= Australian Athletics Championships =

Annual track and field event in Australia

The Australian Athletics Championships or Australian Open Track and Field Championships are held annually to determine Australia's champion athletes in a range of athletics events. The championships are the primary qualification trial for athletes wishing to compete at the Olympic Games, Commonwealth Games or World Championships. The event is conducted by Australian Athletics.

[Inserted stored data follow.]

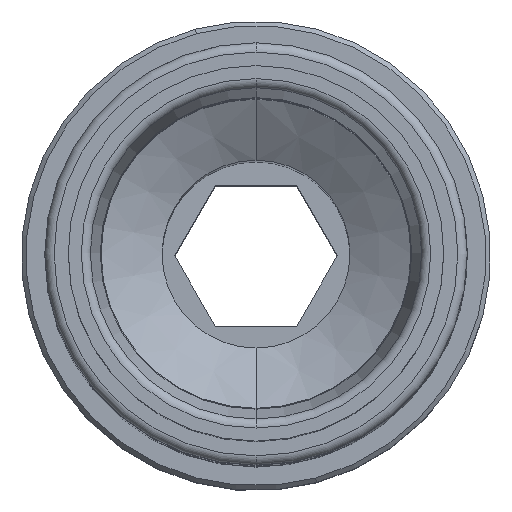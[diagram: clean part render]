
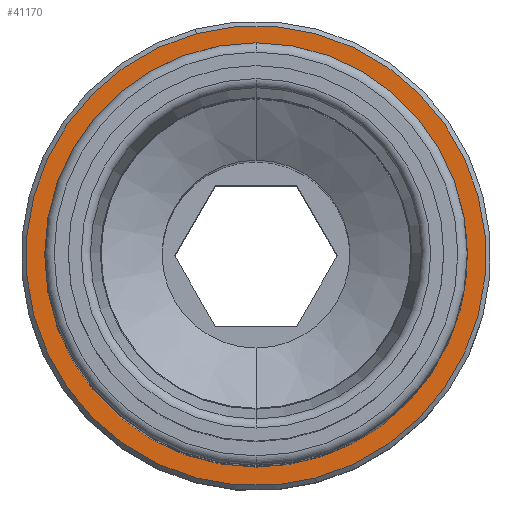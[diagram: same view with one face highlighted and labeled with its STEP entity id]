
A CAD part, top view. The second image highlights one B-rep face of the part: STEP entity #41170.
In plain terms, the highlighted face is planar.
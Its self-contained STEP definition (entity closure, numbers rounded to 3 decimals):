
#3190=CARTESIAN_POINT('',(-4.5,0.,30.4));
#3200=VERTEX_POINT('',#3190);
#3230=CARTESIAN_POINT('',(0.,0.,30.4));
#3240=DIRECTION('',(0.,0.,-1.));
#3250=DIRECTION('',(-1.,0.,0.));
#3260=AXIS2_PLACEMENT_3D('',#3230,#3240,#3250);
#3270=CIRCLE('',#3260,4.5);
#3280=CARTESIAN_POINT('',(4.,-2.062,30.4));
#3290=VERTEX_POINT('',#3280);
#3300=EDGE_CURVE('',#3290,#3200,#3270,.T.);
#3320=CARTESIAN_POINT('',(4.5,0.,30.4));
#3330=VERTEX_POINT('',#3320);
#3340=EDGE_CURVE('',#3330,#3290,#3270,.T.);
#7440=CARTESIAN_POINT('',(-6.073,-3.506,30.4));
#7450=DIRECTION('',(0.,0.,-1.));
#7460=DIRECTION('',(-0.966,0.259,0.));
#7470=AXIS2_PLACEMENT_3D('',#7440,#7450,#7460);
#7480=PLANE('',#7470);
#40660=CARTESIAN_POINT('',(0.,0.,
30.4));
#40670=DIRECTION('',(0.,0.,-1.));
#40680=DIRECTION('',(0.966,-0.259,0.));
#40690=AXIS2_PLACEMENT_3D('',#40660,#40670,#40680);
#40700=CIRCLE('',#40690,4.9);
#40710=CARTESIAN_POINT('',(-1.268,-4.733,30.4));
#40720=VERTEX_POINT('',#40710);
#40730=CARTESIAN_POINT('',(-4.733,1.268,30.4));
#40740=VERTEX_POINT('',#40730);
#40750=EDGE_CURVE('',#40720,#40740,#40700,.T.);
#40890=CARTESIAN_POINT('',(4.733,-1.268,30.4));
#40900=VERTEX_POINT('',#40890);
#40930=EDGE_CURVE('',#40900,#40720,#40700,.T.);
#41050=ORIENTED_EDGE('',*,*,#3300,.F.);
#41060=EDGE_CURVE('',#3200,#3330,#3270,.T.);
#41070=ORIENTED_EDGE('',*,*,#41060,.F.);
#41080=ORIENTED_EDGE('',*,*,#3340,.F.);
#41090=EDGE_LOOP('',(#41080,#41070,#41050));
#41100=FACE_BOUND('',#41090,.T.);
#41110=EDGE_CURVE('',#40740,#40900,#40700,.T.);
#41120=ORIENTED_EDGE('',*,*,#41110,.T.);
#41130=ORIENTED_EDGE('',*,*,#40750,.T.);
#41140=ORIENTED_EDGE('',*,*,#40930,.T.);
#41150=EDGE_LOOP('',(#41140,#41130,#41120));
#41160=FACE_OUTER_BOUND('',#41150,.T.);
#41170=ADVANCED_FACE('',(#41100,#41160),#7480,.T.);

The 2023 Australian Championships were the 100th edition of the event, which dates back to 1890 for men, and 1931 for women. The championships have been held in all states of Australia, with the Queensland Sport & Athletics Centre being the venue that has held the most editions of the event (12).

Initially, men’s and women’s events were held separately, in different places, until the Olympic selections of 1972 and 1976, and as a single event since 1978.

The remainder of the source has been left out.